Data excerpts:
- - - - -

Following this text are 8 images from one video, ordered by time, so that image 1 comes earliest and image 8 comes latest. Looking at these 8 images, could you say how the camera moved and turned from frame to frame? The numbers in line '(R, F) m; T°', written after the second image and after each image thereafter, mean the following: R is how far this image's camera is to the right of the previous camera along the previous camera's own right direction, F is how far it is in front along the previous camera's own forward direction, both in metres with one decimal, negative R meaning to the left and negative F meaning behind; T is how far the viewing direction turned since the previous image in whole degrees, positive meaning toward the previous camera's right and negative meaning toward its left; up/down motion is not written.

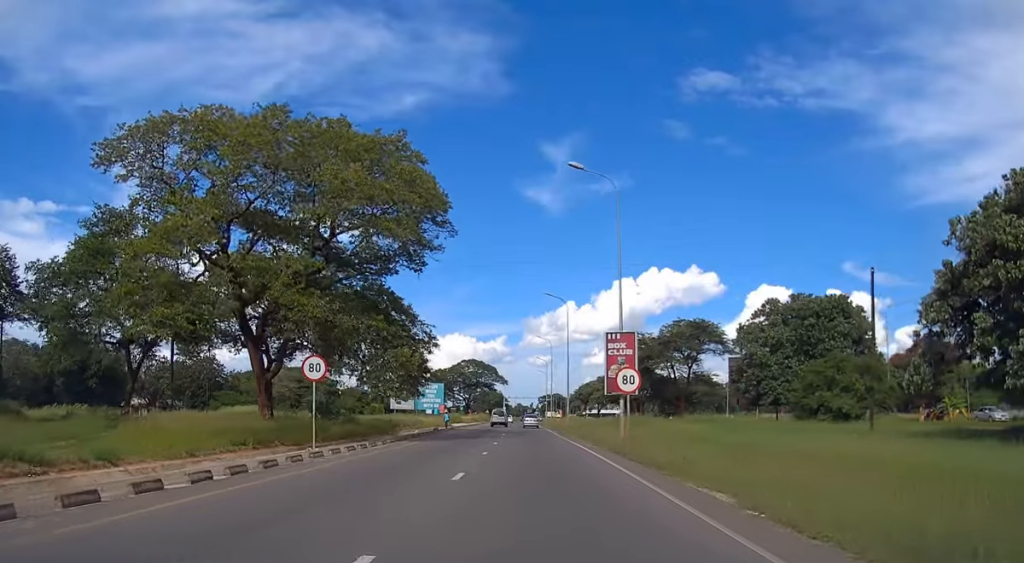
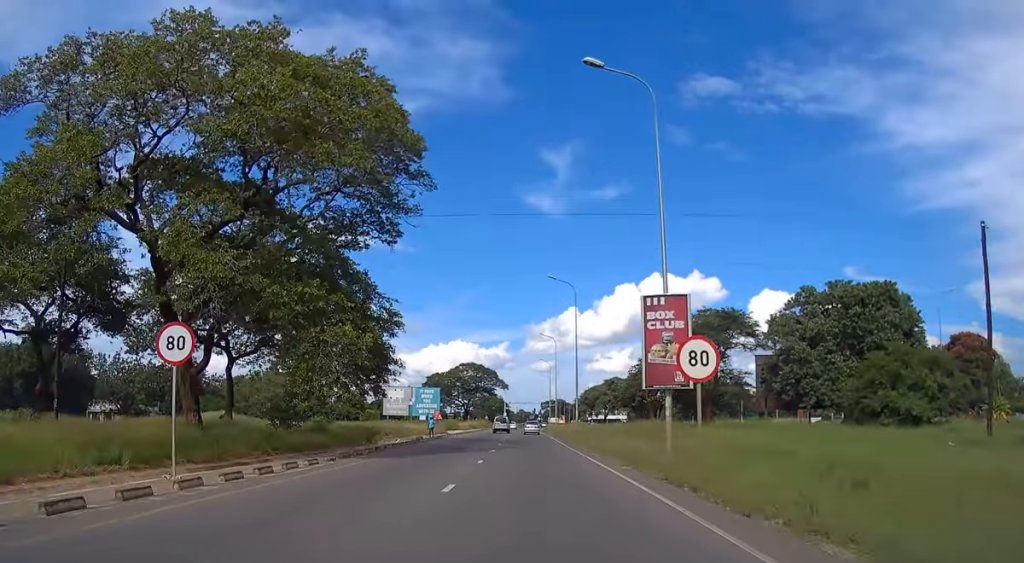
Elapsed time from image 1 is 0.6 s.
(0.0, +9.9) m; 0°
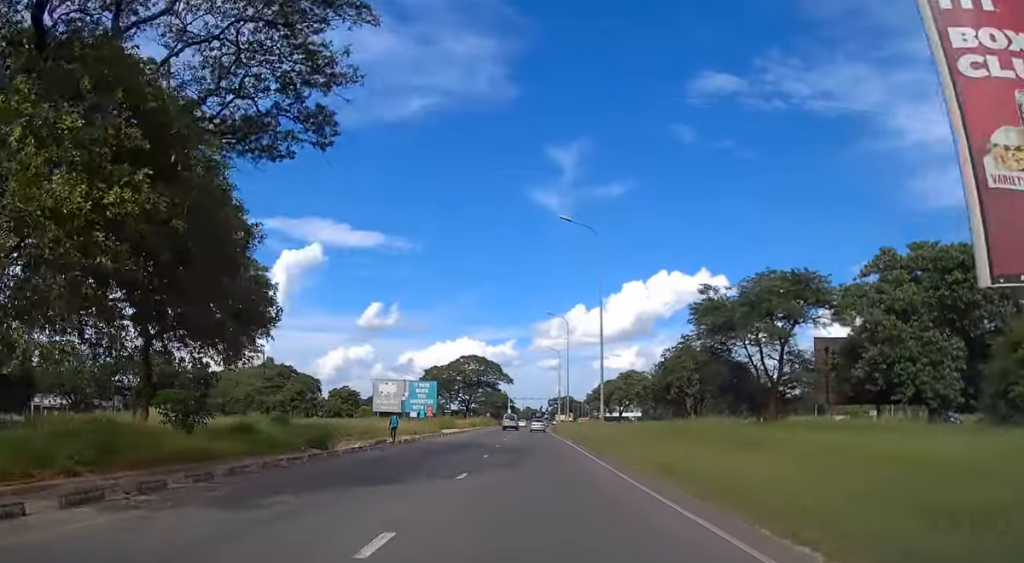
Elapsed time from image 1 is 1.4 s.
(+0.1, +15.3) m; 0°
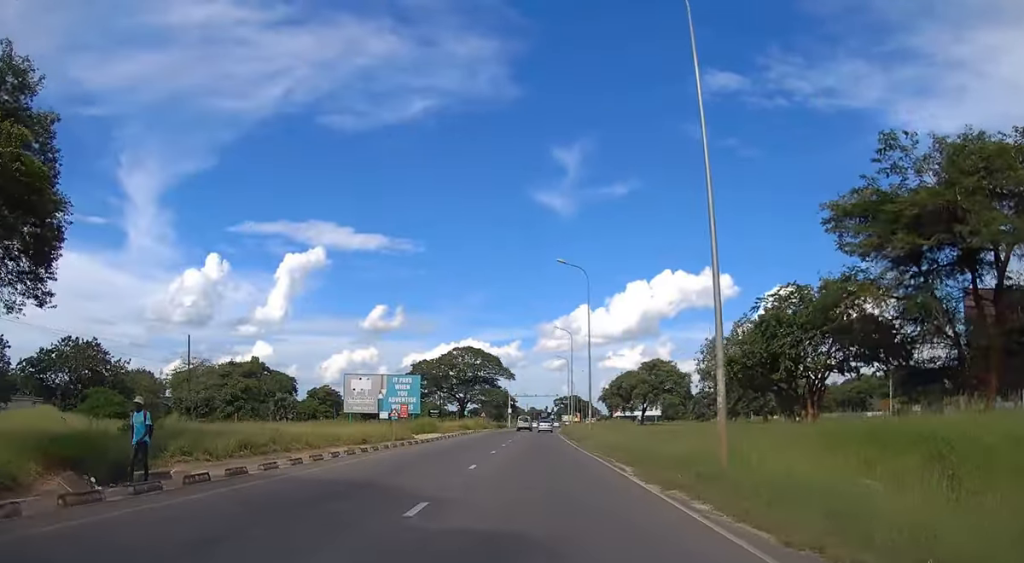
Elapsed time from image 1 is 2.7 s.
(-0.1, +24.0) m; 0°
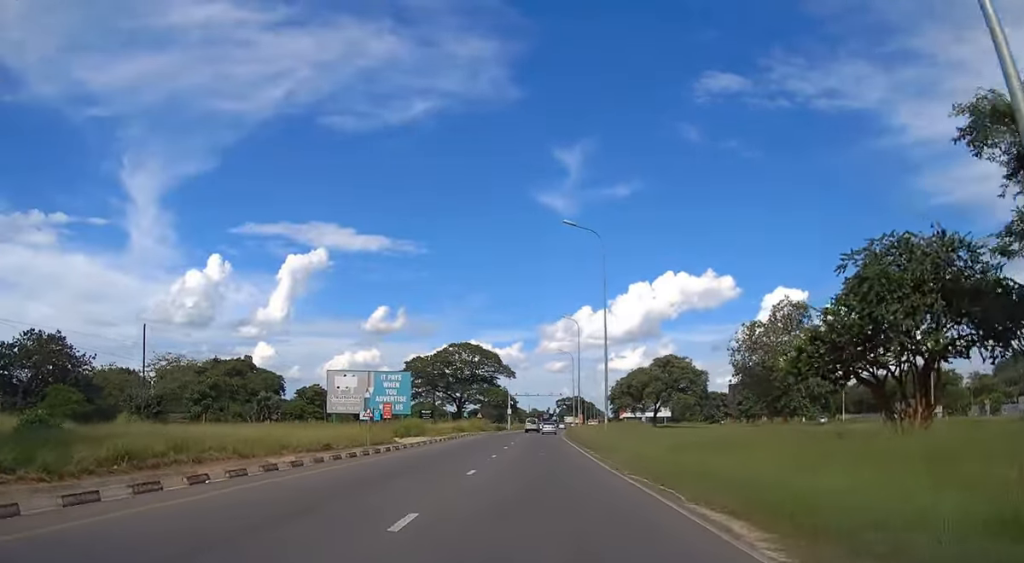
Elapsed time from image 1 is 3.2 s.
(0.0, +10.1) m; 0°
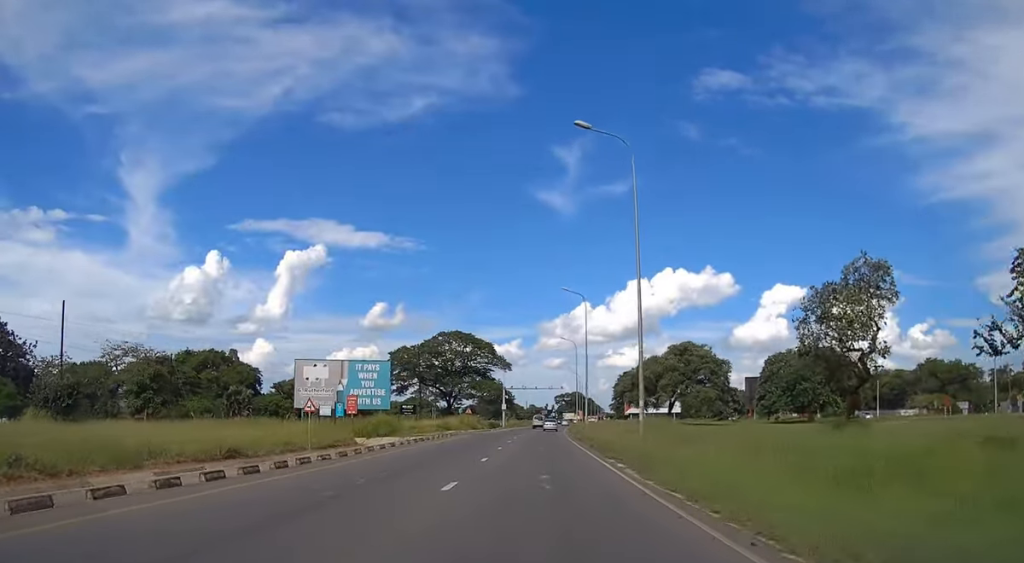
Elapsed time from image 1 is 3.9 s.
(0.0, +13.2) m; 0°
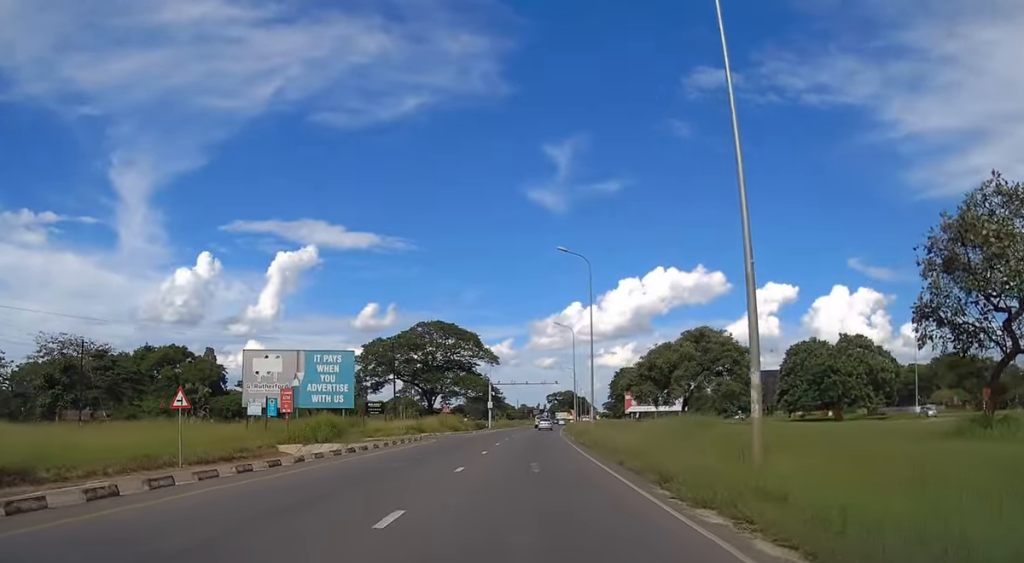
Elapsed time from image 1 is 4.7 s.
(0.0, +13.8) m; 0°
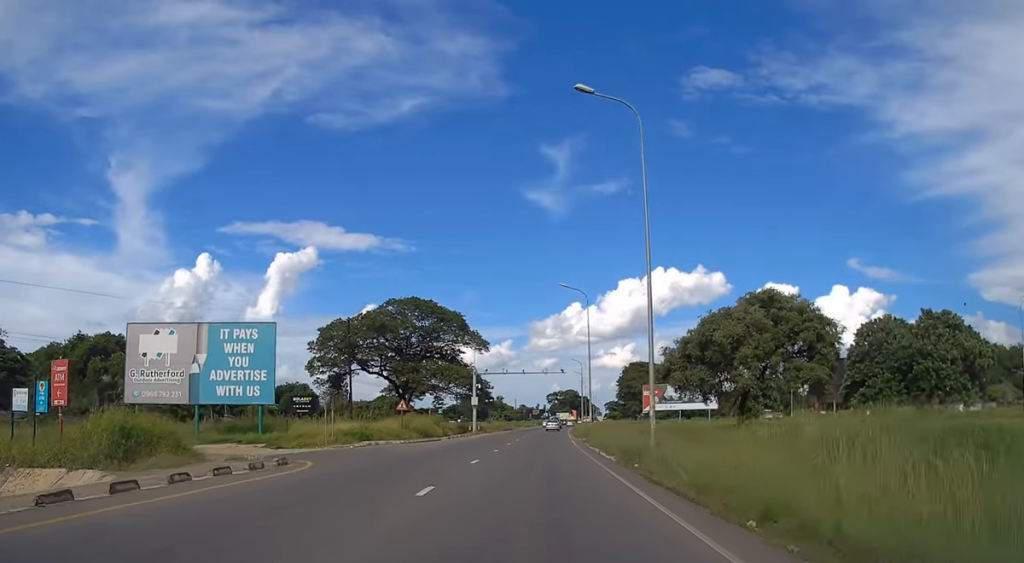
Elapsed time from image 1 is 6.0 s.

- - - - -

Every line above gets copied exactly; none of the pictures do.

Following this text are 8 images from one video, ordered by time, so that image 1 comes earliest and image 8 comes latest. Looking at these 8 images, could you say how the camera moved and turned from frame to frame? The numbers in line '(R, F) m; T°', written after the second image and after each image thereafter, mean the following: R is how far this image's camera is to the right of the previous camera along the previous camera's own right direction, F is how far it is in front along the previous camera's own forward direction, both in metres with one decimal, negative R meaning to the left and negative F meaning behind; T is how far the viewing direction turned since the previous image in whole degrees, positive meaning toward the previous camera's right and negative meaning toward its left; up/down motion is not written.

Elapsed time from image 1 is 0.6 s.
(0.0, +9.9) m; 0°
Elapsed time from image 1 is 1.4 s.
(+0.1, +15.3) m; 0°
Elapsed time from image 1 is 2.7 s.
(-0.1, +24.0) m; 0°
Elapsed time from image 1 is 3.2 s.
(0.0, +10.1) m; 0°
Elapsed time from image 1 is 3.9 s.
(0.0, +13.2) m; 0°
Elapsed time from image 1 is 4.7 s.
(0.0, +13.8) m; 0°
Elapsed time from image 1 is 6.0 s.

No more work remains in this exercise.